Por un tiempo, Koja se entretuvo en estudiar a los hombres de su escolta. Tal vez eran jóvenes, pero tenían el rostro tan curtido por la intemperie que resultaba imposible saber su edad real. Los bigotes finos y largos parecían estar de moda entre estos guerreros. No llevaban barba, y algunos de los hombres más viejos mostraban tantas cicatrices en las mejillas que la barba no podía crecer. Casi todos llevaban los cabellos peinados en trenzas que les colgaban por delante de las orejas. Esto no tenía nada de particular, pero sí lo era el hecho de que se afeitasen la coronilla.

Después de poco más de una hora de espera, comenzó a oscurecer. Koja se puso a pasear sin prisa, atento a la reacción de los guardias. Caminó unos metros por la ladera, hacia el estandarte colocado a medio camino entre el portón y la yurta principal. Era un poste de casi cinco metros de altura con un palo cruzado en la punta, y de los brazos de la cruz colgaban nueve largas colas de caballo negras. Clavado en el extremo había un cráneo humano, con una placa dorada debajo, y alrededor de la base del poste había unas cuantas muñecas pequeñas de tela roja, con trozos de cuero y pelos pegados. Koja estudió el estandarte e intentó adivinar su significado.

Un hombre salió de la yurta principal; su túnica negra con ribetes de seda indicaba que era un oficial. Se detuvo delante mismo del sacerdote.

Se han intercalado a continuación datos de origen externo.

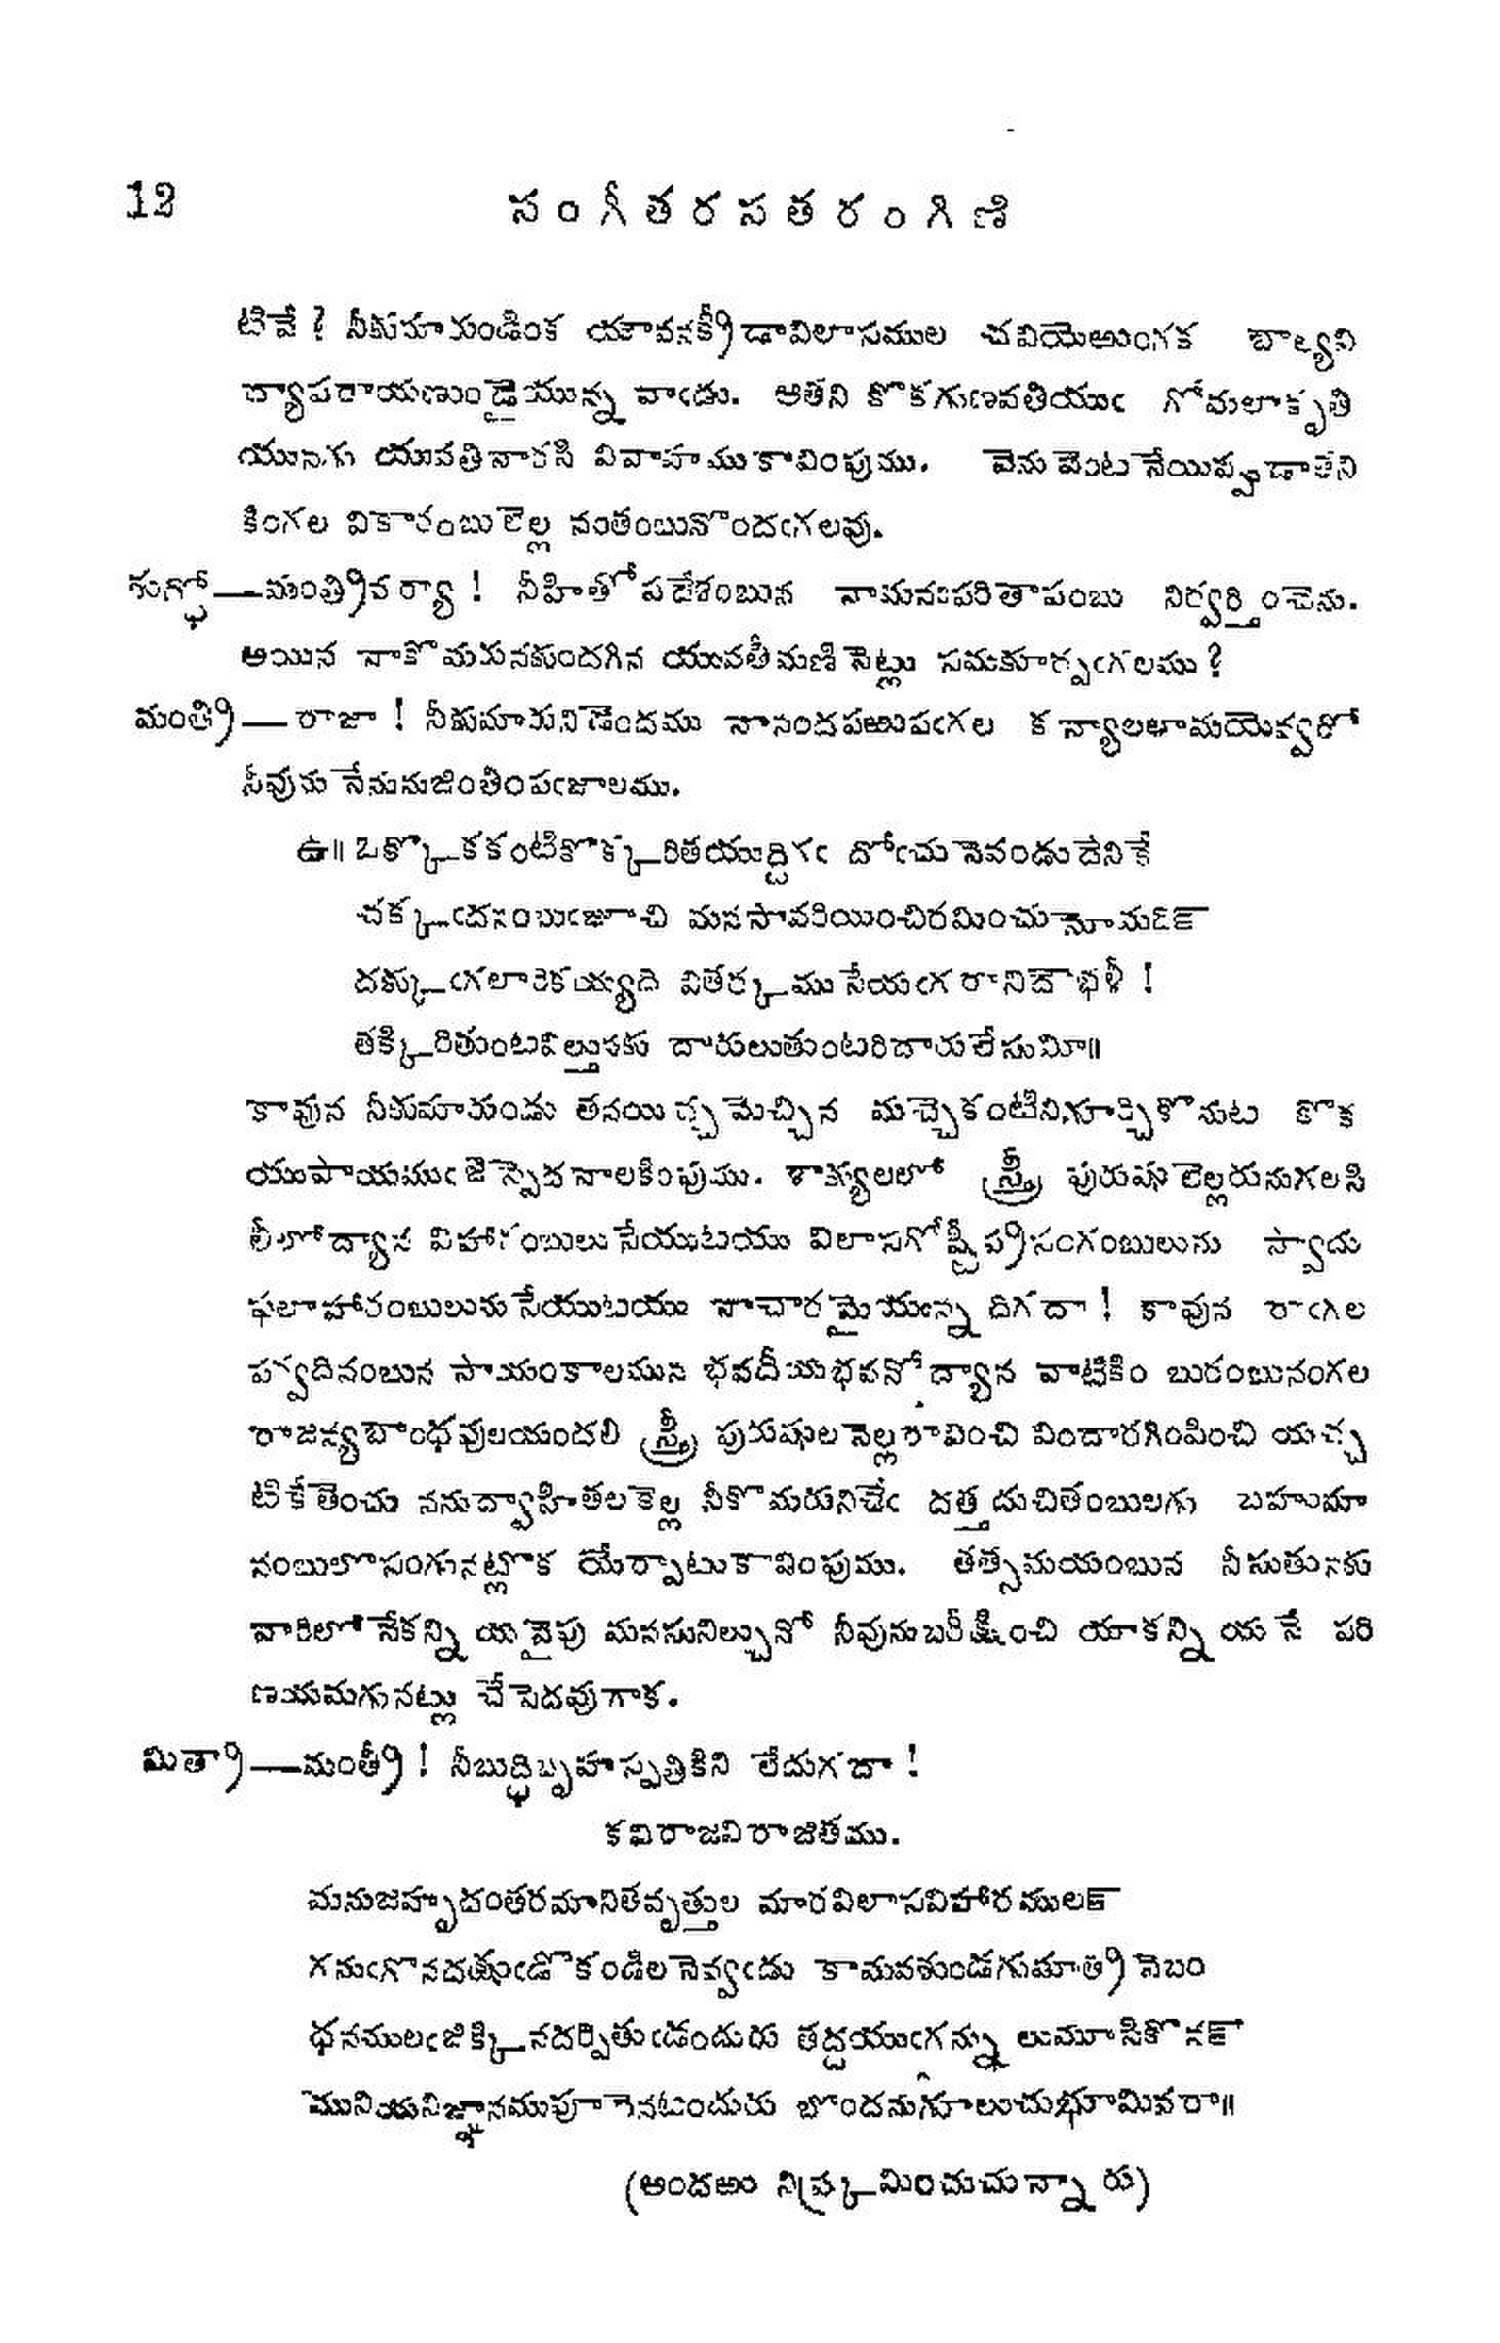టివే ? నీకుమారుండింక యౌవనక్రీడావిలాసముల చవియెఱుంగక బాల్యనిద్యాపరాయణుండైయున్న వాఁడు. అతని కొకగుణవతియుఁ గోమలాకృతియునగు యువతినారసి వివాహము కావింపుము. వెనువెంటనేయిప్పుడాతని కింగల వికారంబులెల్ల సంతంబునొందఁగలవు.

శుద్దో — మంత్రివర్యా! నీహితోపదేశంబున నా మనంపరితాపంబు నిర్వర్తించెను. అయిన నాకొమమునకుందగిన యువతీమణి సెట్లు సమకూర్పఁగలము?

మంత్రి — రాజా! నీకుమారుని డెందము నానందపఱుపఁగల కన్యాలలామయెవ్వరో నీవును నేనునుజింతింపఁజాలము.

ఉ॥ ఒక్కొకకంటికొక్కరితయుద్దిగఁ దోఁచు నెవండుదేనికే
చక్కదనంబుఁజూచి మన సావరియించిరమించు మోమది౯ 
దక్కుఁగలారికయ్యది వితర్కము సేయఁగరానిదౌభళీ!
తక్కిరితుంటఁల్తునకు దారులుకుంటరిదారులేమి॥ 

కావున నీకుమారుండు తనయిచ్చ మెచ్చిన మచ్చెకంటిని గూర్చికొనుట కొక యుపాయముఁ జెస్పెద నాలకింపుము. శాక్యులలో స్త్రీ 
పురుషులెల్లరునుగలసి లీలోద్యాన విహారంబులు సేయుటయు విలాసగోష్టీ ప్రసంగంబులును స్వాదు ఫలాహారంబులును సేయుటయు నాచారమై యున్నదిగదా! కావున రాఁగల పర్వదినంబున సాయంకాలమున భవదీయభవనోద్యాన వాటికిం బురంబునంగల రాజన్య బాంధవులయందలి స్త్రీ పురుషుల నెల్లరావించి విందారగింపించి యచ్చటికేతెంచు ననుద్వాహితలకెల్ల నీకొమరునిచేఁ దత్తదుచితంబులగు బహుమానంబులోసంగునట్లొక యేర్పాటు కావింపుము. తత్సమయంబున నీసుతునకు వారిలోనేకన్నియవైపు మనసునిల్చునో నీవును బరీక్షించి యాకన్నియనే పరిణయమగునట్లు చేసెదవు గాక.

మిత్ర - మంత్రి! నీబుద్ధిబృహస్పతికిని లేదుగదా!

మనుజహృదంతరమానితవృత్తుల మారవిలాసవిహారముల౯
గనుఁగొనదక్షుఁడోకండిలనెవ్వఁడు కామవతుండగుమాత్ర నెబం
ధనములఁజిక్కినదర్పితుఁడందురు తద్దయుఁగన్నులుమూసికొన౯
మునియనిజ్ఞానముపూరెనటందురు బొందనుగూలుచుభూమినరా॥
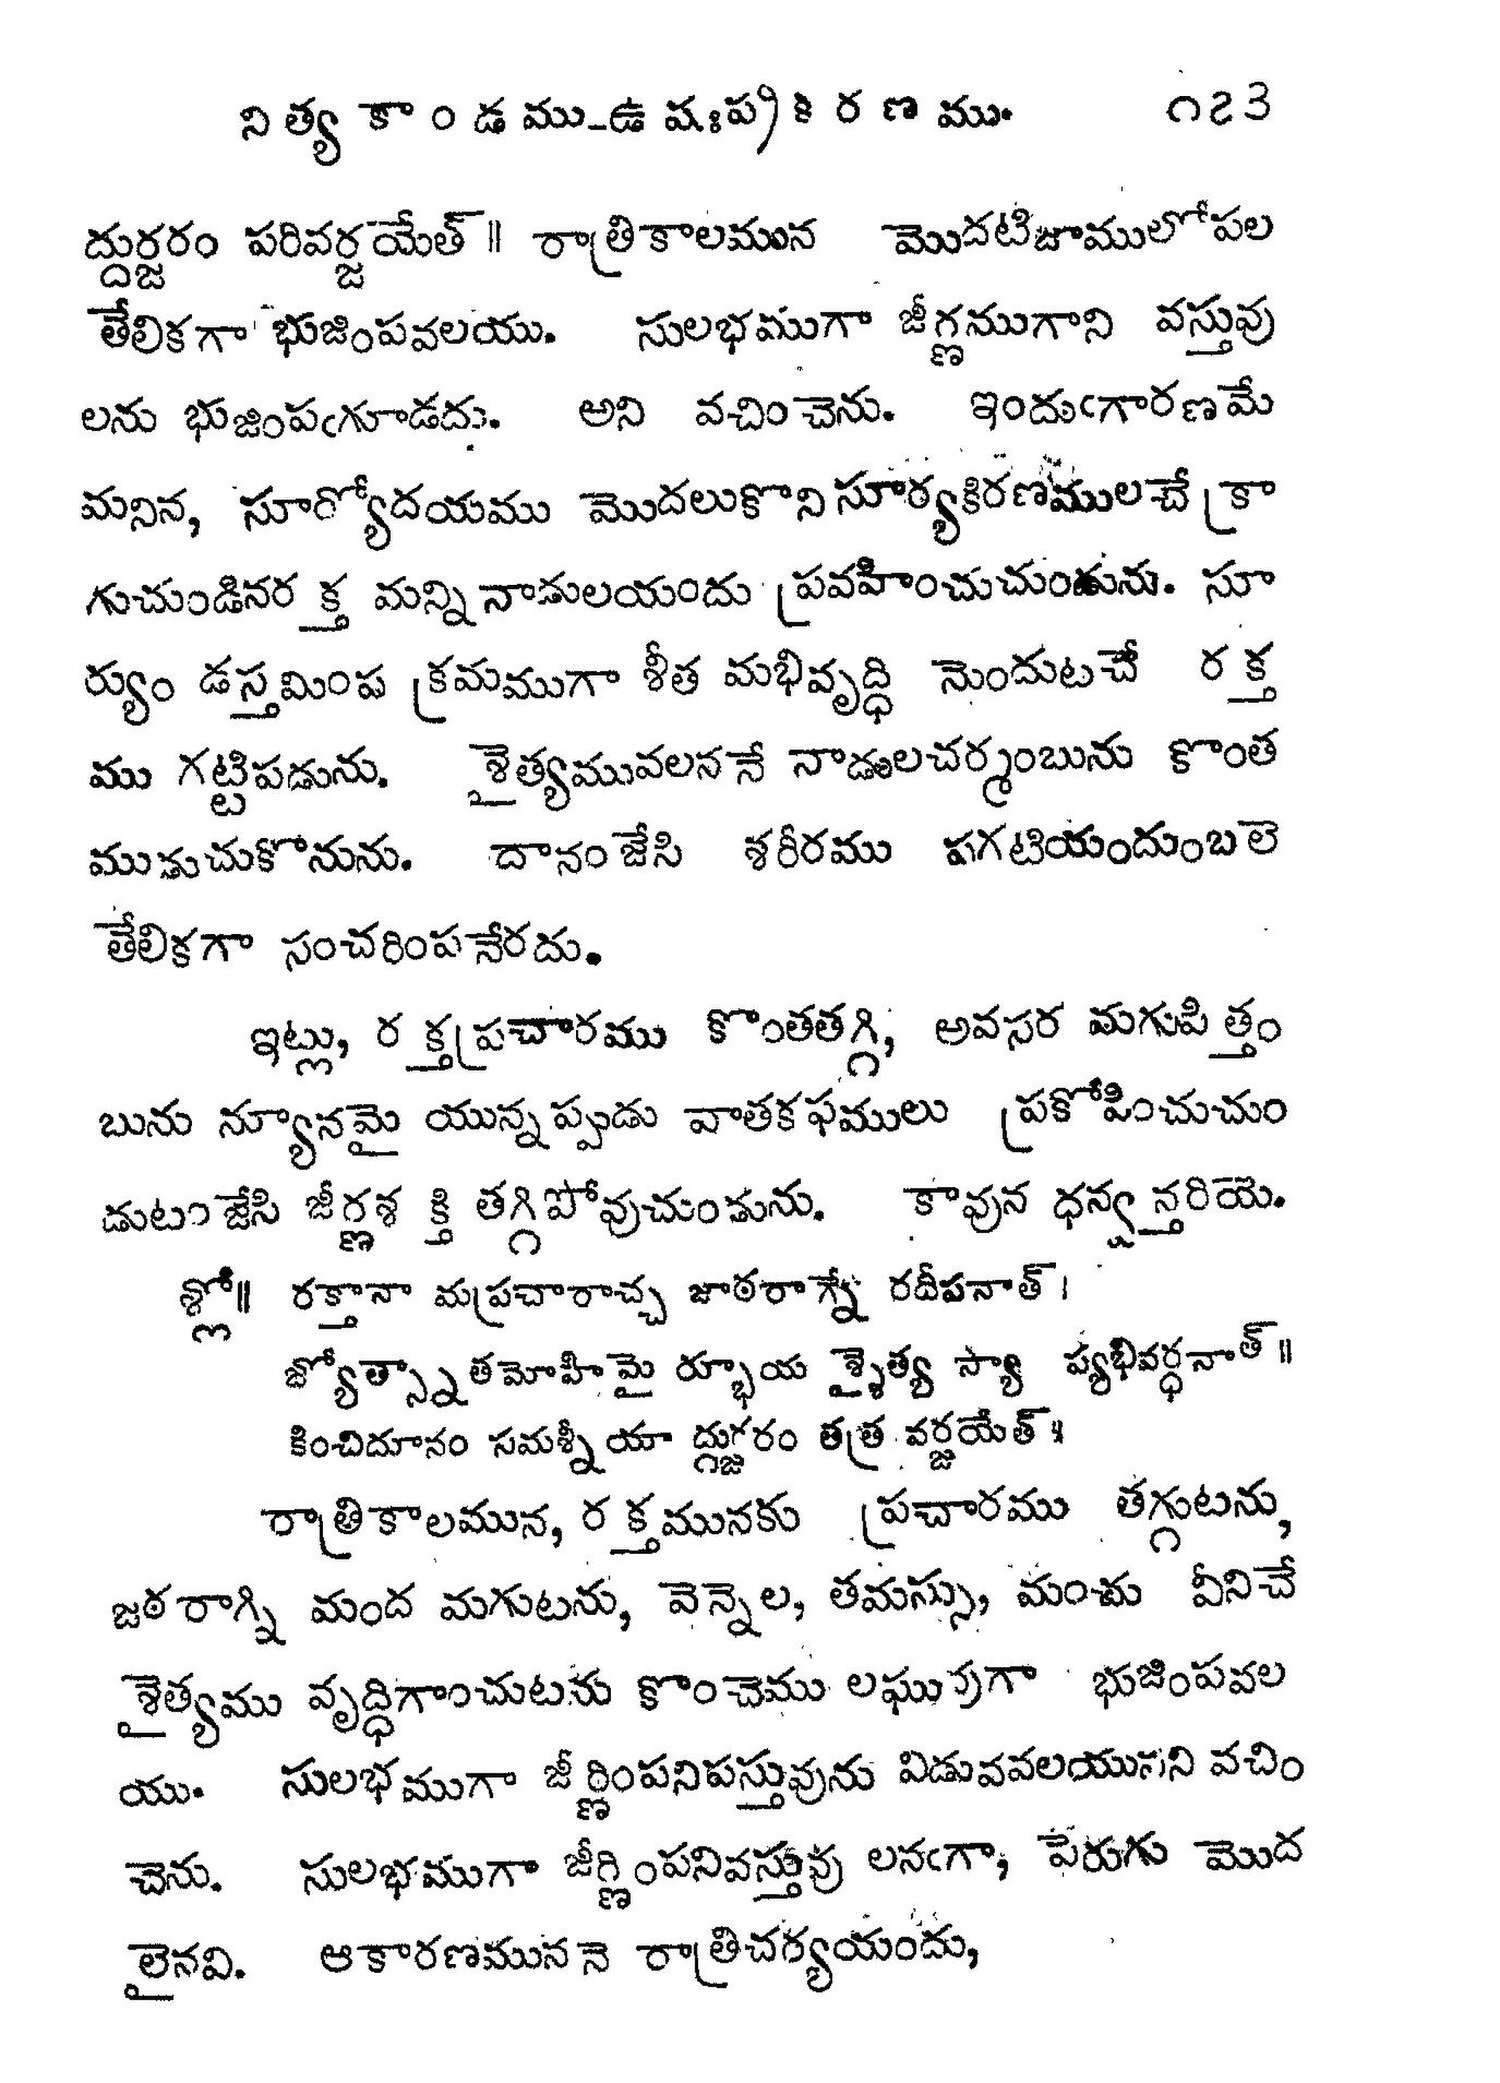ద్దుర్జరం పరివర్జయేత్॥ రాత్రికాలమున మొదటిజాములోపల తేలికగా భుజింపవలయు. సులభముగా జీర్ణముగాని వస్తువులను భుజింపఁగూడదు. అని వచించెను. ఇందుఁగారణమేమనిన, సూర్యోదయము మొదలుకొని సూర్యకిరణములచే క్రాగుచుండినరక్త మన్నినాడులయందు ప్రవహించుచుండును. సూర్యుం డస్తమింప క్రమముగా శీత మభివృద్ధి నొందుటచే రక్తము గట్టిపడును. శైత్యమువలననే నాడులచర్మంబును కొంత ముడుచుకొనును. దానంజేసి శరీరము పగటియందుంబలె తేలికగా సంచరింపనేరదు.

ఇట్లు, రక్తప్రచారము కొంతతగ్గి, అవసర మగుపిత్తంబును న్యూనమై యున్నప్పుడు వాతకఫములు ప్రకోపించుచుండుటంజేసి జీర్ణశక్తి తగ్గిపోవుచుండును. కావున ధన్వన్తరియె.

శ్లో॥ రక్తానా మప్రచారాచ్చ జాఠరాగ్నే రదీపనాత్ ।
 జ్యోత్స్నాతమోహిమై ర్భూయ శ్శైత్య స్యా ప్యభివర్ధనాత్ ॥
 కించిదూనం సమశ్నీయా ద్గుర్జరం తత్ర వర్జయేత్ ॥

రాత్రికాలమున, రక్తమునకు ప్రచారము తగ్గుటను, జఠరాగ్ని మంద మగుటను, వెన్నెల, తమస్సు, మంచు వీనిచే శైత్యము వృద్ధిగాంచుటను కొంచెము లఘువుగా భుజింపవలయు. సులభముగా జీర్ణింపనిపస్తువును విడువవలయునని వచించెను. సులభముగా జీర్ణింపనివస్తువు లనఁగా, పెరుగు మొదలైనవి. 
ఆకారణముననె రాత్రిచర్యయందు,

—Koja de los khazaris, acompañadme —dijo—. Pero primero debéis arrodillaros ante el estandarte del Khahan.

Koja miró las muñecas y comprendió que eran ídolos, los espíritus guardianes de algún chamán; probablemente encarnaban los poderes de la tierra y el cielo, aunque no tenían nada que ver con los dioses que conocía a través de sus estudios en el templo de la Montaña Roja.

—No puedo —replicó Koja, sin alzar la voz—. Soy sacerdote de Furo. Estos no son mis dioses.

El oficial lo miró con expresión torva, y acercó la mano a la empuñadura de su espada.

—Debéis hacerlo; es el estandarte del kan.

—No quiero parecer irrespetuoso con vuestro Khahan, pero no puedo arrodillarme ante estos dioses —afirmó Koja, decidido. Cruzó los brazos y se mantuvo firme, en la confianza de que el guardia no lo atacaría.

—No puedo conduciros a la yurta del Khahan hasta que os hayáis arrodillado —protestó el oficial—. Debéis arrodillaros.

—Pues no veré al kan —respondió Koja.

Una expresión tensa cruzó el rostro del hombre, que no sabía qué hacer. Los otros guardias se acercaron para saber qué pasaba. Los jinetes y el oficial se enzarzaron en una acalorada discusión en susurros. Koja, con toda discreción, simuló no hacerles caso y estudió los ídolos. Por fin, el oficial dio el brazo a torcer.

—Vendréis conmigo, pero el kan será informado —dijo.

—Vuestro coraje es muy grande —lo alabó Koja, para salvar el honor del oficial. Después señaló el cráneo clavado en lo alto del mástil—. ¿Qué representa?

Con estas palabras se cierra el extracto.